The present polymerization process may be carried out in one or more stages. The present process is particularly suited to be carried out using a two-stage liquid phase bulk polymerization process involving high speed agitation during a first stage in which about 3 to about 20 percent, preferably about 3 to about 15 percent, more preferably about 7 to about 12 percent, by weight of the monomer or monomers are converted to polymer and subsequently polymerization in a second stage involving low speed agitation for the remainder of the reaction.

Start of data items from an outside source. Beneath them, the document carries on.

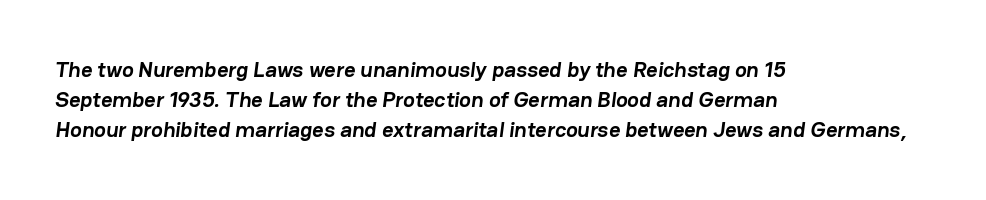
Q: Is the text bold? A: Yes.
Q: Is the text underlined? A: No.
Q: How is the paragraph aligned? A: Left-aligned.
Q: Is the spacing between letters normal or unusually wide? A: Normal.
Q: Is the spacing between lines tight, normal or loose? A: Normal.
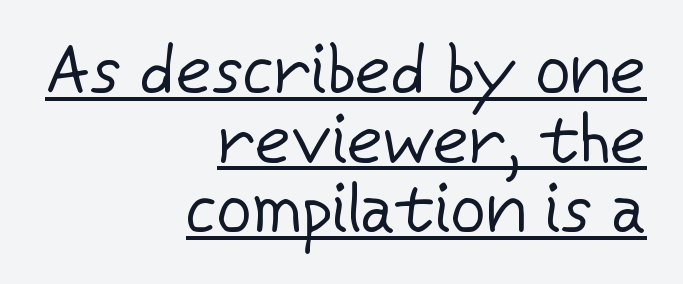
{"serif": "no", "italic": "no", "bold": "no", "weight": "regular", "width": "normal", "stroke_contrast": "low", "x_height": "medium", "monospaced": "no", "underline": "yes", "align": "right", "line_spacing": "tight", "line_spacing_ratio": 1.01, "letter_spacing": "normal", "letter_spacing_em": 0.0, "glyph_px": 69}
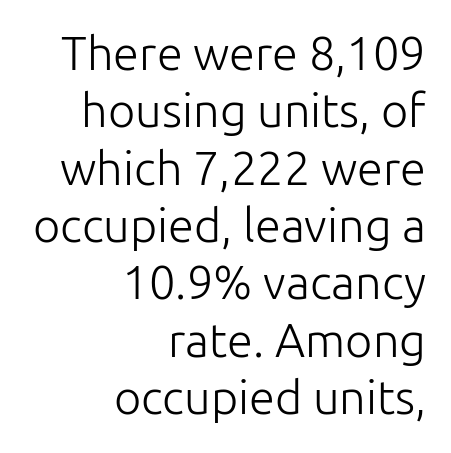
{"serif": "no", "italic": "no", "bold": "no", "weight": "light", "width": "normal", "stroke_contrast": "low", "x_height": "medium", "monospaced": "no", "underline": "no", "align": "right", "line_spacing_ratio": 1.22, "letter_spacing": "normal", "letter_spacing_em": 0.0, "glyph_px": 47}
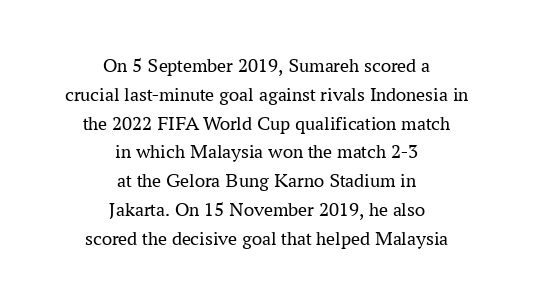
The image shows 20 px text type, upright; set centered, normal line spacing (1.44x), normal letter spacing, not underlined.
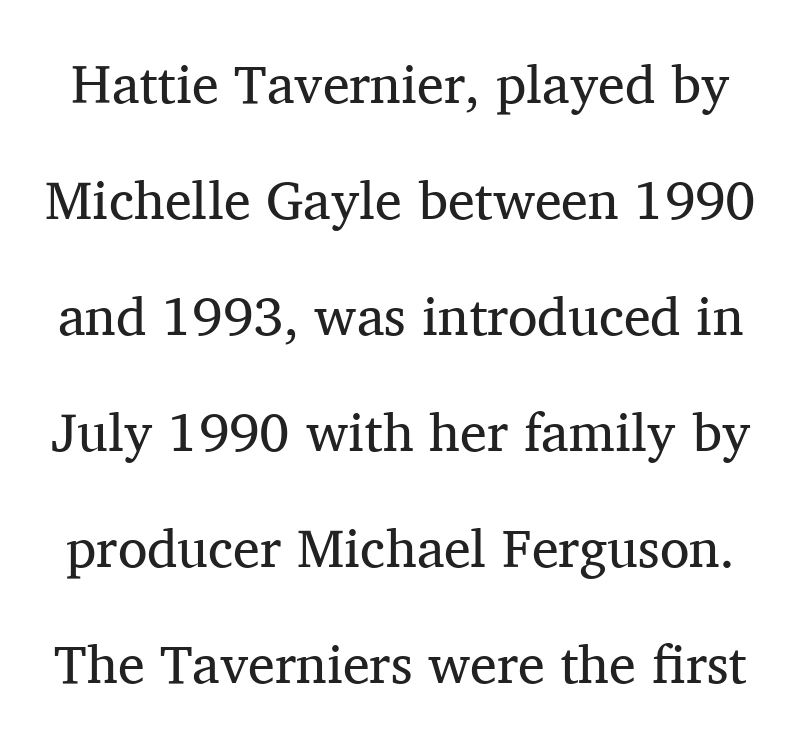
The specimen reads as upright at a glance. The passage shown is typed in a proportional face where columns would drift. You could call the tracking neutral — neither tight nor loose. Underline: absent. Are there feet on the stems? There are — it's a serif.
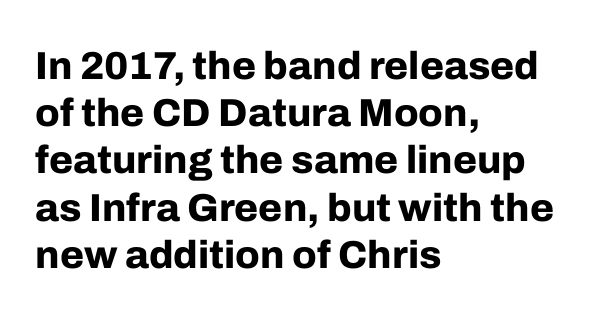
The image shows 39 px bold sans-serif type, upright; set left-aligned, line spacing 1.21x, normal letter spacing, not underlined; low stroke contrast and a medium x-height.
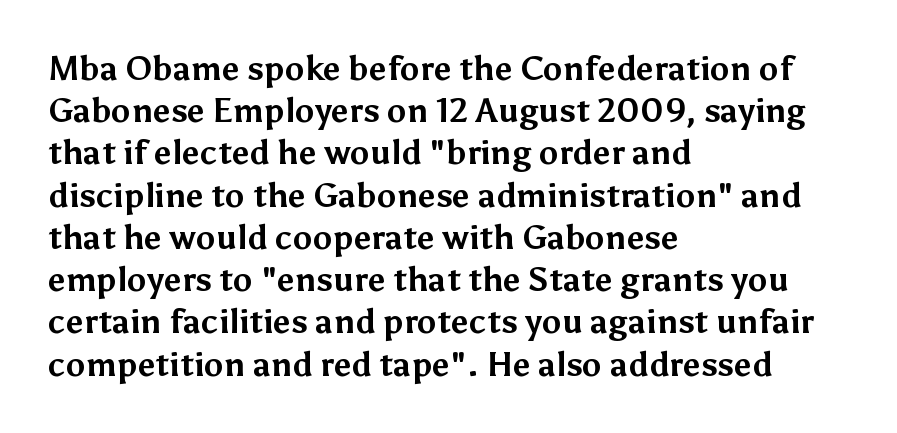
The image shows 33 px bold sans-serif type, upright; set left-aligned, normal line spacing (1.28x), normal letter spacing, not underlined; medium stroke contrast and a medium x-height.
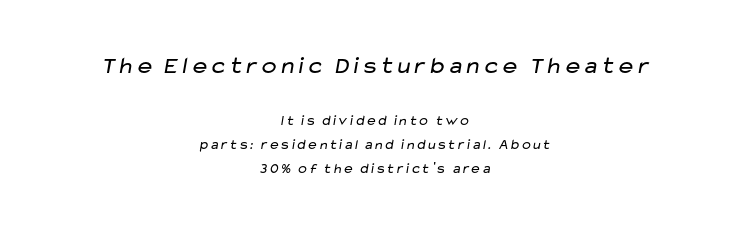
The image shows 24 px text type; set centered, normal line spacing (1.7x), normal letter spacing, not underlined; the first (top) block is 1.71x larger.

The polymerization process is suitably carried out in a conventional stationary polymerization reaction zone employing therein a conventional, reaction mixture-inert agitator, i.e. an agitation body, such as a propeller, impeller, stirring paddle, screw, bar or blade. Such agitation body or bodies are movable, but are not freely movable in the polymerization reaction zone. This is so since the agitation body or bodies are movable only in direct response to an agitator motor means, e.g. a variable speed conventional agitator motor, the agitation body or bodies being connected thereto by a linking means, such as a mechanical drive shaft, a magnetic field or the like, which connection limits the movement of the agitation body within the stationary reaction zone. Such limitation of movement of the agitator is highly desirable, since it substantially avoids undesirable impact of the agitatory body against the reactor wall as in moving reactor processes. Two-stage polymerization processes and equipment are described in British Pat. No. 1,047,489 and U.S. Pat. No. 3,522,227, the teachings of which are hereby incorporated herein by reference.